The apostle Paul is the "poster boy" of the Protestant reformation, which presented late medieval Catholicism as being like 1st century Judaism in its legalism. "Justification by faith alone" (sola fide) became the battle-cry of the new movement which spawned the Protestant family of churches. For the required biblical mandate, Protestant theologians homed in on Paul's letters to the Romans and Galatians, which are all about justification through faith rather than good works or observing the Jewish law, and thus gave the impression that this expressed the heart of Paul's own convictions.

More recently, however, scholars have argued for a re-interpretation of Paul, on the basis that he has been misrepresented. When understood from his own perspective, as a 1st century Jew whose life was transformed by encountering the risen Jesus, Paul is primarily interested in the significance of Jesus being Messiah for all nations; that his unique fulfilment of the law broke the power of Torah, which had driven a wedge between God and his people and erected a ring-fence separating Jews from the rest of the world. Now everybody has access to God and may be welcomed into the Kingdom - through faith in Jesus, as the means rather than the end.
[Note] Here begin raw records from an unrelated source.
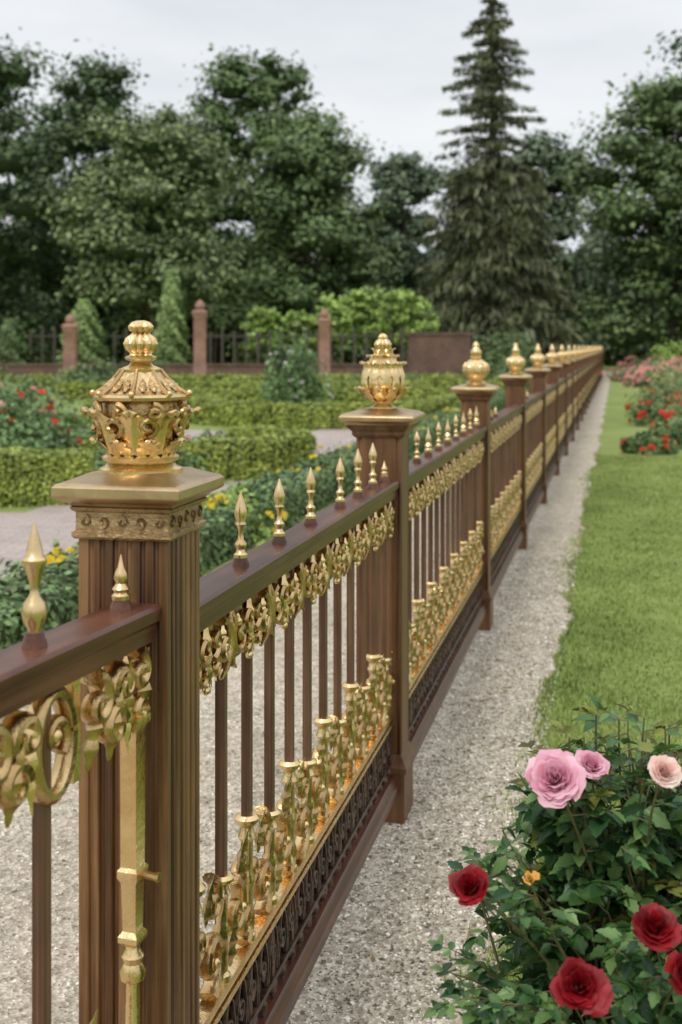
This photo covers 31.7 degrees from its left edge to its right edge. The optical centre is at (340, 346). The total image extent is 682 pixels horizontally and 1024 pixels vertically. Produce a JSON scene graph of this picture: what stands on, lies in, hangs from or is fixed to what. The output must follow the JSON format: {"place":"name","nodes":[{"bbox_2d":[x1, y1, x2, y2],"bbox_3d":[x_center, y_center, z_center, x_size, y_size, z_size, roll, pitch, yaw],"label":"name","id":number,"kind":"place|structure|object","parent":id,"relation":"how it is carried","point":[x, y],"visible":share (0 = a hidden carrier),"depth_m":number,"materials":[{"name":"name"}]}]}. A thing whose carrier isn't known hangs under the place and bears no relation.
{"place":"outdoors","nodes":[
{"label":"outdoors","id":0,"kind":"place"},
{"bbox_2d":[0,364,406,376],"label":"brick wall","id":1,"kind":"structure","parent":0,"point":[53,369],"depth_m":47.20,"materials":[{"name":"brick"}]},
{"bbox_2d":[0,371,611,1023],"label":"gravel path","id":2,"kind":"structure","parent":0,"point":[554,519],"depth_m":3.87,"materials":[{"name":"gravel"}]},
{"bbox_2d":[79,529,199,1023],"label":"post","id":3,"kind":"object","parent":2,"relation":"on","point":[165,576],"visible":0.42,"depth_m":1.83,"materials":[{"name":"wood"}]},
{"bbox_2d":[0,600,160,718],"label":"top rail","id":4,"kind":"object","parent":3,"relation":"attached to","point":[34,667],"visible":0.96,"depth_m":1.59,"materials":[{"name":"wood"}]},
{"bbox_2d":[21,522,129,632],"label":"rail spikes","id":5,"kind":"object","parent":4,"relation":"on","point":[34,608],"visible":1,"depth_m":1.54,"materials":[{"name":"gold metal"}]},
{"bbox_2d":[0,646,161,1023],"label":"open scrollwork","id":6,"kind":"object","parent":4,"relation":"attached to","point":[112,711],"visible":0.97,"depth_m":1.69,"materials":[{"name":"gold metal"}]},
{"bbox_2d":[90,1009,97,1023],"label":"gilt crest","id":7,"kind":"object","parent":3,"relation":"attached to","point":[94,1020],"visible":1,"depth_m":1.65,"materials":[{"name":"gold metal"}]},
{"bbox_2d":[51,466,223,509],"bbox_3d":[-0.316,0.219,1.896,0.208,0.050,0.208,0,0,13],"label":"post cap","id":8,"kind":"object","parent":3,"relation":"on","point":[170,490],"visible":0.91,"depth_m":1.81,"materials":[{"name":"metal"}]},
{"bbox_2d":[70,497,207,541],"bbox_3d":[-0.316,0.270,1.896,0.165,0.049,0.165,0,0,13],"label":"post neck relief","id":9,"kind":"object","parent":3,"relation":"attached to","point":[131,524],"visible":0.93,"depth_m":1.82},
{"bbox_2d":[80,320,201,475],"bbox_3d":[-0.316,0.078,1.896,0.190,0.238,0.190,0,0,13],"label":"crown finial","id":10,"kind":"object","parent":3,"relation":"on","point":[135,451],"depth_m":1.85,"materials":[{"name":"metal"}]},
{"bbox_2d":[92,371,189,404],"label":"finial lid","id":11,"kind":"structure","parent":10,"relation":"attached to","point":[147,396],"depth_m":1.84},
{"bbox_2d":[200,651,395,1023],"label":"gilt crest","id":12,"kind":"object","parent":3,"relation":"attached to","point":[232,943],"visible":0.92,"depth_m":2.57,"materials":[{"name":"gold metal"}]},
{"bbox_2d":[200,477,399,631],"bbox_3d":[-0.061,0.438,2.872,0.076,0.075,1.872,0,0,13],"label":"top rail","id":13,"kind":"object","parent":3,"relation":"attached to","point":[227,588],"visible":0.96,"depth_m":2.52,"materials":[{"name":"wood"}]},
{"bbox_2d":[234,443,387,558],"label":"rail spikes","id":14,"kind":"object","parent":13,"relation":"on","point":[240,512],"visible":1,"depth_m":2.82,"materials":[{"name":"gold metal"}]},
{"bbox_3d":[-0.498,1.377,1.224,0.066,0.057,1.250,0,0,18],"label":"bottom rail","id":15,"kind":"object","parent":3,"relation":"attached to","visible":0},
{"bbox_2d":[32,709,50,1023],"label":"balusters","id":16,"kind":"object","parent":15,"relation":"on","point":[41,916],"depth_m":1.56,"materials":[{"name":"wood"}]},
{"bbox_2d":[347,422,417,823],"bbox_3d":[0.135,0.874,3.862,0.195,1.252,0.196,0,0,13],"label":"post","id":17,"kind":"object","parent":2,"relation":"on","point":[391,444],"visible":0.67,"depth_m":3.79,"materials":[{"name":"wood"}]},
{"bbox_2d":[255,776,397,1023],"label":"bottom rail","id":18,"kind":"object","parent":17,"relation":"attached to","point":[283,1001],"visible":0.58,"depth_m":2.87,"materials":[{"name":"wood"}]},
{"bbox_2d":[215,511,386,1017],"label":"balusters","id":19,"kind":"object","parent":18,"relation":"on","point":[221,777],"visible":0.48,"depth_m":2.64,"materials":[{"name":"wood"}]},
{"bbox_2d":[200,513,387,677],"bbox_3d":[-0.059,0.533,2.872,0.009,0.110,1.872,0,0,13],"label":"frieze backing","id":20,"kind":"object","parent":19,"relation":"attached to","point":[239,609],"visible":0.07,"depth_m":2.38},
{"bbox_2d":[200,502,394,695],"bbox_3d":[-0.054,0.539,2.872,0.039,0.128,1.888,0,0,13],"label":"frieze scrollwork","id":21,"kind":"object","parent":20,"relation":"attached to","point":[248,628],"visible":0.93,"depth_m":2.53,"materials":[{"name":"gold metal"}]},
{"bbox_2d":[218,731,391,1023],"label":"dark grille","id":22,"kind":"object","parent":18,"relation":"on","point":[324,868],"visible":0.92,"depth_m":2.75,"materials":[{"name":"brown metal"}]},
{"bbox_2d":[338,407,425,425],"bbox_3d":[0.135,0.222,3.862,0.240,0.050,0.240,0,0,13],"label":"post cap","id":23,"kind":"object","parent":17,"relation":"on","point":[399,416],"visible":0.98,"depth_m":3.76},
{"bbox_2d":[354,333,411,408],"bbox_3d":[0.135,0.079,3.862,0.179,0.243,0.188,0,0,13],"label":"leaf finial","id":24,"kind":"object","parent":17,"relation":"on","point":[382,386],"visible":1,"depth_m":3.82,"materials":[{"name":"gold metal"}]},
{"bbox_2d":[409,602,486,761],"bbox_3d":[0.461,1.377,5.134,0.066,0.057,2.481,0,0,13],"label":"bottom rail","id":25,"kind":"object","parent":17,"relation":"attached to","point":[423,726],"visible":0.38,"depth_m":4.86,"materials":[{"name":"wood"}]},
{"bbox_2d":[409,445,479,734],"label":"balusters","id":26,"kind":"object","parent":25,"relation":"on","point":[467,501],"visible":0.36,"depth_m":4.96,"materials":[{"name":"wood"}]},
{"bbox_2d":[409,521,484,697],"bbox_3d":[0.466,1.049,5.171,0.049,0.278,2.557,0,0,13],"label":"gilt crest","id":27,"kind":"object","parent":26,"relation":"attached to","point":[448,597],"visible":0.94,"depth_m":4.89,"materials":[{"name":"gold metal"}]},
{"bbox_2d":[409,576,482,737],"bbox_3d":[0.460,1.267,5.128,0.030,0.162,2.494,0,0,13],"label":"dark grille","id":28,"kind":"object","parent":25,"relation":"on","point":[447,649],"visible":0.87,"depth_m":4.88,"materials":[{"name":"brown metal"}]},
{"bbox_2d":[409,425,486,488],"bbox_3d":[0.458,0.438,5.135,0.076,0.075,2.481,0,0,13],"label":"top rail","id":29,"kind":"object","parent":17,"relation":"attached to","point":[426,464],"visible":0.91,"depth_m":4.82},
{"bbox_2d":[414,406,478,458],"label":"rail spikes","id":30,"kind":"object","parent":29,"relation":"on","point":[447,438],"visible":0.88,"depth_m":5.11,"materials":[{"name":"gold metal"}]},
{"bbox_2d":[456,393,495,630],"bbox_3d":[0.722,0.874,6.421,0.196,1.252,0.195,0,0,13],"label":"post","id":31,"kind":"object","parent":2,"relation":"on","point":[482,402],"visible":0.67,"depth_m":6.34,"materials":[{"name":"wood"}]},
{"bbox_2d":[462,341,489,383],"bbox_3d":[0.722,0.086,6.421,0.146,0.228,0.146,0,0,13],"label":"bulb finial","id":32,"kind":"object","parent":31,"relation":"on","point":[476,369],"visible":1,"depth_m":6.38,"materials":[{"name":"gold metal"}]},
{"bbox_2d":[451,383,500,393],"bbox_3d":[0.722,0.222,6.421,0.240,0.050,0.240,0,0,13],"label":"post cap","id":33,"kind":"object","parent":31,"relation":"on","point":[486,388],"visible":0.98,"depth_m":6.32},
{"bbox_2d":[491,529,523,597],"bbox_3d":[1.045,1.377,7.681,0.066,0.057,2.455,0,0,13],"label":"bottom rail","id":34,"kind":"object","parent":31,"relation":"attached to","point":[500,574],"visible":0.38,"depth_m":7.60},
{"bbox_2d":[491,421,518,545],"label":"balusters","id":35,"kind":"object","parent":34,"relation":"on","point":[504,463],"visible":0.36,"depth_m":7.67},
{"bbox_2d":[491,471,521,558],"bbox_3d":[1.051,1.049,7.718,0.049,0.278,2.530,0,0,13],"label":"gilt crest","id":36,"kind":"object","parent":35,"relation":"attached to","point":[505,510],"visible":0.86,"depth_m":7.60,"materials":[{"name":"gold metal"}]},
{"bbox_2d":[491,510,520,582],"bbox_3d":[1.045,1.267,7.674,0.029,0.162,2.468,0,0,13],"label":"dark grille","id":37,"kind":"object","parent":34,"relation":"on","point":[499,555],"visible":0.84,"depth_m":7.61,"materials":[{"name":"brown metal"}]},
{"bbox_2d":[491,403,523,431],"bbox_3d":[1.042,0.438,7.681,0.076,0.075,2.455,0,0,13],"label":"top rail","id":38,"kind":"object","parent":31,"relation":"attached to","point":[500,418],"visible":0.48,"depth_m":7.56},
{"bbox_2d":[501,380,529,548],"bbox_3d":[1.304,0.874,8.955,0.195,1.252,0.196,0,0,13],"label":"post","id":39,"kind":"object","parent":2,"relation":"on","point":[515,391],"visible":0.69,"depth_m":8.88,"materials":[{"name":"wood"}]},
{"bbox_2d":[506,343,525,372],"bbox_3d":[1.304,0.086,8.955,0.146,0.228,0.146,0,0,13],"label":"bulb finial","id":40,"kind":"object","parent":39,"relation":"on","point":[515,362],"visible":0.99,"depth_m":8.92,"materials":[{"name":"gold metal"}]},
{"bbox_2d":[526,489,543,526],"bbox_3d":[1.627,1.377,10.215,0.067,0.057,2.455,0,0,13],"label":"bottom rail","id":41,"kind":"object","parent":39,"relation":"attached to","point":[531,513],"visible":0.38,"depth_m":10.25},
{"bbox_2d":[526,411,540,462],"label":"balusters","id":42,"kind":"object","parent":41,"relation":"on","point":[533,433],"visible":0.32,"depth_m":10.37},
{"bbox_2d":[526,443,542,498],"bbox_3d":[1.632,1.049,10.252,0.049,0.278,2.530,0,0,13],"label":"gilt crest","id":43,"kind":"object","parent":42,"relation":"attached to","point":[534,471],"visible":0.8,"depth_m":10.21,"materials":[{"name":"gold metal"}]},
{"bbox_2d":[527,373,547,503],"bbox_3d":[1.885,0.874,11.489,0.196,1.252,0.195,0,0,13],"label":"post","id":44,"kind":"object","parent":2,"relation":"on","point":[537,381],"visible":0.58,"depth_m":11.41,"materials":[{"name":"wood"}]},
{"bbox_2d":[546,463,556,487],"bbox_3d":[2.208,1.377,12.749,0.066,0.057,2.455,0,0,13],"label":"bottom rail","id":45,"kind":"object","parent":44,"relation":"attached to","point":[550,475],"visible":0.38,"depth_m":12.84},
{"bbox_2d":[546,399,554,435],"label":"balusters","id":46,"kind":"object","parent":45,"relation":"on","point":[550,415],"visible":0.27,"depth_m":13.06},
{"bbox_2d":[546,425,555,464],"bbox_3d":[2.214,1.049,12.786,0.049,0.278,2.530,0,0,13],"label":"gilt crest","id":47,"kind":"object","parent":46,"relation":"attached to","point":[550,443],"visible":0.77,"depth_m":12.89,"materials":[{"name":"gold metal"}]},
{"bbox_2d":[546,368,560,475],"bbox_3d":[2.467,0.874,14.024,0.195,1.252,0.196,0,0,13],"label":"post","id":48,"kind":"object","parent":2,"relation":"on","point":[552,376],"visible":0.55,"depth_m":13.94,"materials":[{"name":"wood"}]},
{"bbox_2d":[559,365,568,455],"bbox_3d":[3.048,0.874,16.558,0.197,1.252,0.197,0,0,13],"label":"post","id":49,"kind":"object","parent":2,"relation":"on","point":[563,371],"visible":0.41,"depth_m":16.48,"materials":[{"name":"wood"}]},
{"bbox_2d":[0,363,681,1011],"bbox_3d":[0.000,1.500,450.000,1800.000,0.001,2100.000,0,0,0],"label":"ground","id":50,"kind":"structure","parent":0,"point":[616,425],"depth_m":7.29,"materials":[{"name":"plant"}]},
{"bbox_2d":[0,318,33,363],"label":"column tree","id":51,"kind":"object","parent":50,"relation":"on","point":[13,342],"visible":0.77,"depth_m":48.66,"materials":[{"name":"green plant"}]},
{"bbox_2d":[0,557,76,595],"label":"border plant","id":52,"kind":"object","parent":50,"relation":"on","point":[20,573],"visible":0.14,"depth_m":6.13,"materials":[{"name":"green plant"}]},
{"bbox_2d":[0,388,91,450],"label":"rose shrub","id":53,"kind":"object","parent":50,"relation":"on","point":[34,436],"visible":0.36,"depth_m":14.08,"materials":[{"name":"green plant"}]},
{"bbox_2d":[0,359,92,440],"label":"rose shrub","id":54,"kind":"object","parent":50,"relation":"on","point":[48,400],"visible":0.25,"depth_m":17.08,"materials":[{"name":"green plant"}]},
{"bbox_2d":[0,444,94,507],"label":"box hedge","id":55,"kind":"object","parent":50,"relation":"on","point":[30,477],"visible":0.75,"depth_m":11.29,"materials":[{"name":"green plant"}]},
{"bbox_2d":[0,27,99,363],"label":"broadleaf tree","id":56,"kind":"object","parent":50,"relation":"on","point":[19,199],"visible":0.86,"depth_m":70.98,"materials":[{"name":"green plant"}]},
{"bbox_2d":[44,530,78,571],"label":"border plant","id":57,"kind":"object","parent":50,"relation":"on","point":[70,556],"visible":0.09,"depth_m":6.79,"materials":[{"name":"green plant"}]},
{"bbox_2d":[62,328,77,374],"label":"shaft","id":58,"kind":"object","parent":50,"relation":"on","point":[69,347],"visible":0.52,"depth_m":42.79,"materials":[{"name":"stone"}]},
{"bbox_2d":[56,298,110,363],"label":"column tree","id":59,"kind":"object","parent":50,"relation":"on","point":[86,317],"visible":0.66,"depth_m":48.63,"materials":[{"name":"green plant"}]},
{"bbox_2d":[35,352,171,394],"bbox_3d":[-7.601,0.865,37.952,4.552,1.389,2.366,0,0,0],"label":"green shrub","id":60,"kind":"object","parent":50,"relation":"on","point":[76,375],"visible":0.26,"depth_m":37.68,"materials":[{"name":"green plant"}]},
{"bbox_2d":[0,39,211,363],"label":"broadleaf tree","id":61,"kind":"object","parent":50,"relation":"on","point":[98,90],"visible":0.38,"depth_m":79.90,"materials":[{"name":"green plant"}]},
{"bbox_2d":[22,101,262,363],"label":"broadleaf tree","id":62,"kind":"object","parent":50,"relation":"on","point":[147,177],"visible":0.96,"depth_m":63.98,"materials":[{"name":"green plant"}]},
{"bbox_2d":[86,442,209,470],"bbox_3d":[-2.353,1.246,13.003,1.862,0.549,1.463,0,0,0],"label":"mixed planting","id":63,"kind":"object","parent":50,"relation":"on","point":[100,461],"visible":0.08,"depth_m":12.98,"materials":[{"name":"green plant"}]},
{"bbox_2d":[73,104,249,363],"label":"broadleaf tree","id":64,"kind":"object","parent":50,"relation":"on","point":[211,329],"visible":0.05,"depth_m":90.25,"materials":[{"name":"green plant"}]},
{"bbox_2d":[152,268,193,363],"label":"column tree","id":65,"kind":"object","parent":50,"relation":"on","point":[172,346],"visible":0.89,"depth_m":48.13,"materials":[{"name":"green plant"}]},
{"bbox_2d":[0,429,355,577],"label":"paved walk","id":66,"kind":"structure","parent":50,"relation":"on","point":[50,521],"depth_m":10.01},
{"bbox_2d":[193,314,206,376],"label":"shaft","id":67,"kind":"object","parent":50,"relation":"on","point":[200,343],"visible":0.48,"depth_m":42.79,"materials":[{"name":"stone"}]},
{"bbox_2d":[82,424,317,481],"bbox_3d":[-1.383,1.257,14.296,1.933,0.528,2.945,0,0,40],"label":"box hedge","id":68,"kind":"object","parent":50,"relation":"on","point":[245,453],"visible":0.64,"depth_m":13.51,"materials":[{"name":"green plant"}]},
{"bbox_2d":[202,479,275,546],"bbox_3d":[-0.816,1.263,9.119,0.674,0.498,0.674,0,0,0],"label":"yellow flower plant","id":69,"kind":"object","parent":50,"relation":"on","point":[219,496],"visible":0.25,"depth_m":9.06,"materials":[{"name":"green plant"}]},
{"bbox_2d":[0,389,504,649],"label":"flower border hedge","id":70,"kind":"object","parent":50,"relation":"on","point":[218,534],"visible":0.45,"depth_m":8.62,"materials":[{"name":"green plant"}]},
{"bbox_2d":[26,328,484,363],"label":"metal fence","id":71,"kind":"object","parent":50,"relation":"on","point":[210,335],"visible":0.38,"depth_m":50.00,"materials":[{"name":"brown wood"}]},
{"bbox_2d":[239,304,285,363],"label":"ornamental tree","id":72,"kind":"object","parent":50,"relation":"on","point":[264,316],"visible":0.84,"depth_m":51.72,"materials":[{"name":"green plant"}]},
{"bbox_2d":[0,371,529,391],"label":"box hedge","id":73,"kind":"object","parent":50,"relation":"on","point":[190,377],"visible":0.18,"depth_m":40.15,"materials":[{"name":"green plant"}]},
{"bbox_2d":[231,469,301,530],"bbox_3d":[-0.636,1.262,9.899,0.650,0.501,0.657,0,0,0],"label":"yellow flower plant","id":74,"kind":"object","parent":50,"relation":"on","point":[271,487],"visible":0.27,"depth_m":9.86,"materials":[{"name":"green plant"}]},
{"bbox_2d":[89,385,454,404],"bbox_3d":[-1.481,1.251,29.631,9.269,0.570,1.132,0,0,-10],"label":"box hedge","id":75,"kind":"object","parent":50,"relation":"on","point":[347,395],"visible":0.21,"depth_m":29.50,"materials":[{"name":"green plant"}]},
{"bbox_2d":[178,42,378,363],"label":"broadleaf tree","id":76,"kind":"object","parent":50,"relation":"on","point":[267,85],"visible":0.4,"depth_m":84.14,"materials":[{"name":"green plant"}]},
{"bbox_2d":[55,378,504,399],"bbox_3d":[-1.468,1.229,34.805,13.320,0.628,1.435,0,0,-9],"label":"box hedge","id":77,"kind":"object","parent":50,"relation":"on","point":[77,389],"visible":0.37,"depth_m":34.11,"materials":[{"name":"green plant"}]},
{"bbox_2d":[255,320,338,403],"bbox_3d":[-1.086,0.465,27.123,1.820,2.134,1.665,0,0,-20],"label":"white flowering shrub","id":78,"kind":"object","parent":50,"relation":"on","point":[284,385],"visible":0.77,"depth_m":26.70,"materials":[{"name":"green plant"}]},
{"bbox_2d":[279,309,316,357],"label":"ornamental tree","id":79,"kind":"object","parent":50,"relation":"on","point":[290,318],"visible":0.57,"depth_m":52.57,"materials":[{"name":"green plant"}]},
{"bbox_2d":[188,395,408,429],"bbox_3d":[-1.293,1.254,22.924,5.230,0.556,2.010,0,0,33],"label":"box hedge","id":80,"kind":"object","parent":50,"relation":"on","point":[224,412],"visible":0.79,"depth_m":21.99,"materials":[{"name":"green plant"}]},
{"bbox_2d":[198,104,422,363],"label":"broadleaf tree","id":81,"kind":"object","parent":50,"relation":"on","point":[291,190],"visible":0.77,"depth_m":76.05,"materials":[{"name":"green plant"}]},
{"bbox_2d":[318,322,330,374],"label":"shaft","id":82,"kind":"object","parent":50,"relation":"on","point":[324,341],"visible":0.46,"depth_m":44.79,"materials":[{"name":"stone"}]},
{"bbox_2d":[296,445,353,499],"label":"yellow flower plant","id":83,"kind":"object","parent":50,"relation":"on","point":[326,466],"visible":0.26,"depth_m":11.81,"materials":[{"name":"green plant"}]},
{"bbox_2d":[304,292,357,363],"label":"ornamental tree","id":84,"kind":"object","parent":50,"relation":"on","point":[341,311],"visible":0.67,"depth_m":51.71,"materials":[{"name":"green plant"}]},
{"bbox_2d":[0,201,681,365],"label":"distant woodland","id":85,"kind":"object","parent":50,"relation":"on","point":[623,354],"visible":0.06,"depth_m":94.38,"materials":[{"name":"green plant"}]},
{"bbox_2d":[339,285,397,361],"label":"ornamental tree","id":86,"kind":"object","parent":50,"relation":"on","point":[366,298],"visible":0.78,"depth_m":52.81,"materials":[{"name":"green plant"}]},
{"bbox_2d":[370,286,432,361],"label":"ornamental tree","id":87,"kind":"object","parent":50,"relation":"on","point":[415,304],"visible":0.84,"depth_m":51.49,"materials":[{"name":"green plant"}]},
{"bbox_2d":[359,149,464,359],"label":"broadleaf tree","id":88,"kind":"object","parent":50,"relation":"on","point":[397,172],"visible":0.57,"depth_m":102.32,"materials":[{"name":"green plant"}]},
{"bbox_2d":[403,303,439,345],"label":"ornamental tree","id":89,"kind":"object","parent":50,"relation":"on","point":[432,316],"visible":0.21,"depth_m":52.84,"materials":[{"name":"green plant"}]},
{"bbox_2d":[395,392,460,415],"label":"box hedge","id":90,"kind":"object","parent":50,"relation":"on","point":[428,405],"visible":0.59,"depth_m":23.39,"materials":[{"name":"green plant"}]},
{"bbox_2d":[397,0,589,372],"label":"spruce tree","id":91,"kind":"object","parent":50,"relation":"on","point":[492,233],"visible":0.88,"depth_m":68.56,"materials":[{"name":"green plant"}]},
{"bbox_2d":[471,319,545,373],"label":"green shrub","id":92,"kind":"object","parent":50,"relation":"on","point":[498,352],"visible":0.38,"depth_m":49.64,"materials":[{"name":"green plant"}]},
{"bbox_2d":[421,694,681,1023],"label":"rose bush","id":93,"kind":"object","parent":50,"relation":"on","point":[592,923],"visible":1,"depth_m":1.76,"materials":[{"name":"green plant"}]},
{"bbox_2d":[468,128,641,358],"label":"broadleaf tree","id":94,"kind":"object","parent":50,"relation":"on","point":[542,153],"visible":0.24,"depth_m":90.29,"materials":[{"name":"green plant"}]},
{"bbox_2d":[544,63,681,361],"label":"broadleaf tree","id":95,"kind":"object","parent":50,"relation":"on","point":[658,177],"visible":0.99,"depth_m":72.70,"materials":[{"name":"green plant"}]},
{"bbox_2d":[601,356,678,381],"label":"pink rose bed","id":96,"kind":"object","parent":50,"relation":"on","point":[629,370],"visible":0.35,"depth_m":51.30,"materials":[{"name":"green plant"}]},
{"bbox_2d":[619,428,678,454],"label":"rose shrub","id":97,"kind":"object","parent":50,"relation":"on","point":[643,442],"visible":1,"depth_m":16.74,"materials":[{"name":"green plant"}]},
{"bbox_2d":[617,29,681,359],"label":"broadleaf tree","id":98,"kind":"object","parent":50,"relation":"on","point":[675,46],"visible":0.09,"depth_m":80.17,"materials":[{"name":"green plant"}]},
{"bbox_2d":[618,364,681,412],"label":"rose shrub","id":99,"kind":"object","parent":50,"relation":"on","point":[662,387],"visible":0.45,"depth_m":26.92,"materials":[{"name":"green plant"}]},
{"bbox_2d":[621,362,681,387],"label":"pink rose bed","id":100,"kind":"object","parent":50,"relation":"on","point":[638,382],"visible":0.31,"depth_m":43.82,"materials":[{"name":"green plant"}]},
{"bbox_2d":[625,391,681,427],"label":"rose shrub","id":101,"kind":"object","parent":50,"relation":"on","point":[652,413],"visible":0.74,"depth_m":22.59,"materials":[{"name":"green plant"}]},
{"bbox_2d":[647,336,681,362],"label":"green shrub","id":102,"kind":"object","parent":50,"relation":"on","point":[663,349],"visible":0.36,"depth_m":59.99,"materials":[{"name":"green plant"}]},
{"bbox_2d":[649,410,681,449],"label":"rose shrub","id":103,"kind":"object","parent":50,"relation":"on","point":[673,430],"visible":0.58,"depth_m":17.61,"materials":[{"name":"green plant"}]},
{"bbox_2d":[0,0,681,263],"label":"sky","id":104,"kind":"structure","parent":0,"point":[385,65],"materials":[{"name":"white"}]},
{"bbox_2d":[405,333,473,375],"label":"brick wall","id":105,"kind":"structure","parent":0,"point":[437,353],"depth_m":48.00,"materials":[{"name":"brick"}]},
{"bbox_2d":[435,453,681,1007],"bbox_3d":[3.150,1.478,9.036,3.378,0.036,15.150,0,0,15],"label":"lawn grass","id":106,"kind":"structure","parent":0,"point":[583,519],"depth_m":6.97,"materials":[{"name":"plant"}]},
{"label":"frieze backing","id":107,"kind":"object","parent":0,"visible":0},
{"bbox_2d":[409,439,483,520],"bbox_3d":[0.465,0.539,5.133,0.041,0.128,2.494,0,0,13],"label":"frieze scrollwork","id":108,"kind":"object","parent":107,"relation":"attached to","point":[430,487],"visible":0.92,"depth_m":4.85,"materials":[{"name":"gold metal"}]},
{"label":"frieze backing","id":109,"kind":"object","parent":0,"visible":0},
{"bbox_2d":[491,412,521,451],"bbox_3d":[1.049,0.539,7.679,0.039,0.128,2.470,0,0,13],"label":"frieze scrollwork","id":110,"kind":"object","parent":109,"relation":"attached to","point":[504,432],"visible":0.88,"depth_m":7.59,"materials":[{"name":"gold metal"}]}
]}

Reconsidering the teaching of Paul in this way was popularised by scholar-bishop NT (Tom) Wright, though credit for its initiation goes to fellow academics EP Sanders and JG Dunn. But if you google the "new perspective on Paul", you are more likely to discover what it isn't than what it is! That is because, like the Protestant reformation it implicitly criticises, the "new perspective" has spawned many branches, most of which disagree. But all do at least share the essential conviction that it is vital to read the scriptural authors on their own terms because that must surely take us as close as we can get to the voice of the Spirit, which instructed them to write in the first place.